Arthramid® Vet is a novel treatment for joint disease. It is a polyacrylamide hydrogel consisting of 97.5% sterile water and 2.5% polyacrimide. The result is a gel that is permeable, biocompatible and has visco-elastic properties, thus making it suitable for injection into equine joints.


Arthramid® Vet is recommended as a therapy for osteoarthritis. Osteoarthritis means inflammation of the joint and usually occurs secondary to wear and tear or following a traumatic injury of the joint. The result is increased fluid in the joint (effusion), cartilage loss, reduced joint mobility and pain (ie lameness). Unfortunately this process is progressive and our therapies are aimed at slowing this progression along with reducing the pain and improving the joint health.

How does ARTHRAMID® VET work?

Studies have shown that Arthramid® Vet integrates with the joint capsule and surrounding joint tissue via vessel in-growth and it functions by creating a continuous dynamic exchange of water. It is hypothesized to create a cushion-like effect in the joint, thus allowing preservation of the joint cartilage and aiding regeneration of any damaged joint cartilage and soft tissues. It is an addition to our arsenal against joint disease and may be beneficial in cases that are no longer responsive to steroid medications alone.
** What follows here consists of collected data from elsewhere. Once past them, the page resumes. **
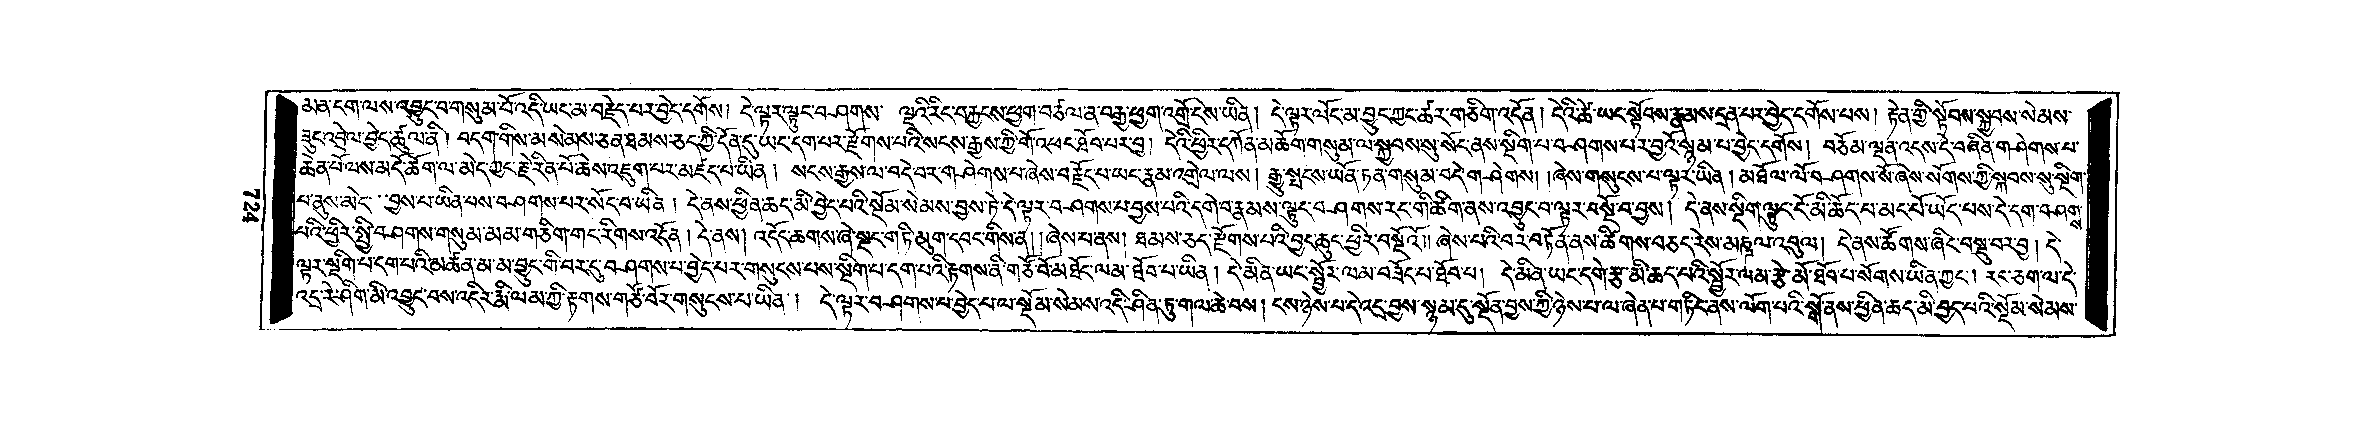མན་ངག་ལས་འབྱུང་བ་གསུམ་པོ་འདི་ཡང་མ་བརྗེད་པར་བྱེད་དགོས། དེ་ལྟར་ལྟུང་བཤགས་ལྔའི་རིང་བརྐྱངས་ཕྱག་བཙལ་ན་བརྒྱ་ཕྱག་འགྲོ་ངེས་ཡིན། དེ་ལྟར་ལོང་མ་བྱུང་ཀྱང་ཚར་གཅིག་འདོན། དེའི་ཚེ་ཡང་སྟོབས་རྣམས་དྲན་པར་བྱེད་དགོས་པས། རྟེན་གྱི་སྟོབས་སྐྱབས་སེམས་
ཟུང་འབྲེལ་བྱེད་ཚུལ་ནི། བདག་གིས་མ་སེམས་ཅན་ཐམས་ཅད་ཀྱི་དོན་དུ་ཡང་དག་པར་རྫོགས་པའི་སངས་རྒྱས་ཀྱི་གོ་འཕང་ཐོབ་པར་བྱ། དེའི་ཕྱིར་དཀོན་མཆོག་གསུམ་ལ་སྐྱབས་སུ་སོང་ནས་སྡིག་པ་བཤགས་པར་བྱའོ་སྙམ་པ་བྱེད་དགོས། བཅོམ་ལྡན་འདས་དེ་བཞིན་གཤེགས་པ་
ཆེན་པོ་ལས་མདོ་ཆོག་ལ་མེད་ཀྱང་རྗེ་རིན་པོ་ཆེས་འཇུག་པར་མཛད་པ་ཡིན། སངས་རྒྱས་ལ་བདེ་བར་གཤེགས་པ་ཞེས་བརྗོད་པ་ཡང་རྣམ་འགྲེལ་ལས། རྒྱུ་སྤངས་ཡོན་ཏན་གསུམ་བདེ་གཤེགས། །ཞེས་གསུངས་པ་ལྟར་ཡིན། མཐོལ་ལོ་བཤགས་སོ་ཞེས་སོགས་ཀྱི་སྐབས་སུ་སྡིག་
པ་ནུས་མེད་བྱས་པ་ཡིན་པས་བཤགས་པར་སོང་བ་ཡིན། དེ་ནས་ཕྱིན་ཆད་མི་བྱེད་པའི་སྡོམ་སེམས་བྱས་ཏེ་དེ་ལྟར་བཤགས་པ་བྱས་པའི་དགེ་བ་རྣམས་ལྟུང་བཤགས་རང་གི་ཚིག་ནས་འབྱུང་བ་ལྟར་བསྔོ་བ་བྱས། དེ་ནས་སྡིག་ལྟུང་ངོ་མི་ཆོད་པ་མང་པོ་ཡོད་པས་དེ་དག་བཤགས་
པའི་ཕྱིར་སྤྱི་བཤགས་གསུམ་མམ་གཅིག་གང་རིགས་འདོན། དེ་ནས། འདོད་ཆགས་ཞེ་སྡང་གཏི་མུག་དབང་གིས་ན། །ཞེས་པ་ནས། ཐམས་ཅད་རྫོགས་པའི་བྱང་ཆུབ་ཕྱིར་བསྔོའོ། །ཞེས་པའི་བར་བཏོན་ནས་ཚིགས་བཅད་རེས་མཎྜལ་འབུལ། དེ་ནས་ཚོགས་ཞིང་བསྡུ་བར་བྱ། དེ་
ལྟར་སྡིག་པ་དག་པའི་མཚན་མ་མ་བྱུང་གི་བར་དུ་བཤགས་པ་བྱེད་པར་གསུངས་པས་སྡིག་པ་དག་པའི་རྟགས་ནི་གཙོ་བོ་མཐོང་ལམ་ཐོབ་པ་ཡིན། དེ་མིན་ཡང་སྦྱོར་ལམ་བཟོད་པ་ཐོབ་པ། དེ་མིན་ཡང་དགེ་རྩ་མི་ཆད་པའི་སྦྱོར་ལམ་རྩེ་མོ་ཐོབ་པ་སོགས་ཡིན་ཀྱང་། རང་ཅག་ལ་དེ་
འདྲ་རེ་ཤིག་མི་འབྱུང་བས་འདིར་རྨི་ལམ་ཀྱི་རྟགས་གཙོ་བོར་གསུངས་པ་ཡིན། དེ་ལྟར་བཤགས་པ་བྱེད་པ་ལ་སྡོམ་སེམས་འདི་ཤིན་ཏུ་གལ་ཆེ་བས། ངས་ཉེས་པ་དེ་འདྲ་བྱས་སྙམ་དུ་སྡོན་བྱས་ཀྱི་ཉེས་པ་ལ་ཞེན་པ་གཏིང་ནས་ལོག་པའི་སྒོ་ནས་ཕྱིན་ཆད་མི་བྱད་པའི་སྡོམ་སེམས་

Arthramid® Vet hydrogel is injected into your horse’s affected joints in a process identical to routine joint injections. The area around the joint is clipped and aseptically prepared for sterile injection. Depending on the joint injected, a light dressing may be placed over the injection site for 24 hours.
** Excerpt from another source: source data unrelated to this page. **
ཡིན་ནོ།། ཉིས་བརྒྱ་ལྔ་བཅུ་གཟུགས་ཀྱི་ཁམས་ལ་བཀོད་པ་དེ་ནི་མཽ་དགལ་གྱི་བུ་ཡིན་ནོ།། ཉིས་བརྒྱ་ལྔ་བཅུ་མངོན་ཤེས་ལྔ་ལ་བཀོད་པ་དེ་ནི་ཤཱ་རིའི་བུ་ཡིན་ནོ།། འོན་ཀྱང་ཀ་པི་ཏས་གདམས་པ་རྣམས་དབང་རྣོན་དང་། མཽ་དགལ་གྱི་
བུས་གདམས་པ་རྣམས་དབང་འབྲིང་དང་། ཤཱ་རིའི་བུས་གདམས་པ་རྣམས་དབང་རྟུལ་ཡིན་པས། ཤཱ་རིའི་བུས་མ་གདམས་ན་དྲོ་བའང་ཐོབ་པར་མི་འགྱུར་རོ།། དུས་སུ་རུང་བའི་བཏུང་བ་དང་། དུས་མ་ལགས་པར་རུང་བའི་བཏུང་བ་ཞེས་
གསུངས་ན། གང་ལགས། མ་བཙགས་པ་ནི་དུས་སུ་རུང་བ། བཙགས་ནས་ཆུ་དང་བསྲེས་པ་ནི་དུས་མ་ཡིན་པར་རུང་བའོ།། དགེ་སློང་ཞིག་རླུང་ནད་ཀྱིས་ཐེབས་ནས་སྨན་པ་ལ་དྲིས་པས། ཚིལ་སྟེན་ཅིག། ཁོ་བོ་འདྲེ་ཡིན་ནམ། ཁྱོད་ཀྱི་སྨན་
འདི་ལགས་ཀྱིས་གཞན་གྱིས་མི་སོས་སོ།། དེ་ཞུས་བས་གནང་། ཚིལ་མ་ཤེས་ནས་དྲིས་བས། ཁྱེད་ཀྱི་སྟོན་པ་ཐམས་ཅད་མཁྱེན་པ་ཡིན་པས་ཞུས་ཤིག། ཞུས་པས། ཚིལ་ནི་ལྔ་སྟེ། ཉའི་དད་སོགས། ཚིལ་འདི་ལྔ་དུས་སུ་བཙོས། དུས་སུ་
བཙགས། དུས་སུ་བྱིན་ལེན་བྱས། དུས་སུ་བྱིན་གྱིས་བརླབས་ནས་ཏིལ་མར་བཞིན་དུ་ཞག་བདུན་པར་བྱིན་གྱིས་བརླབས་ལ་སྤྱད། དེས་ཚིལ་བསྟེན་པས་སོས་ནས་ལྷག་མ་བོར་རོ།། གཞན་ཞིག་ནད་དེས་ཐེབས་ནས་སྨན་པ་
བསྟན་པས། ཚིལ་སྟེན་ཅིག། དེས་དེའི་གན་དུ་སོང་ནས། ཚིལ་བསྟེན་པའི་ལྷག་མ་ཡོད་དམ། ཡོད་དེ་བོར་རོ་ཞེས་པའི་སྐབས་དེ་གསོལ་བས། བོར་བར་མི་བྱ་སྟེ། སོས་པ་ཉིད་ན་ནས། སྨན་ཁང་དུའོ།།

What happens after the ARTHRAMID® VET injection?

As with all joint injections, we advise box rest initially, followed by a week of light exercise. Results are generally seen 2-3 weeks after the injection and noticeable benefits can last up to 8-12 months according to clinical trials.

ARTHRAMID® VET - Safety Profile

The polyacrylamide hydrogel technology is currently used for facial and body contouring in humans (ie lip filler) and for the treatment of female urinary incontinence. There have been in vitro and in vivo studies performed as well as clinical trials, and the data show that the polyacrylamide gel is well tolerated by patients with no systemic effects and minimal local adverse reactions.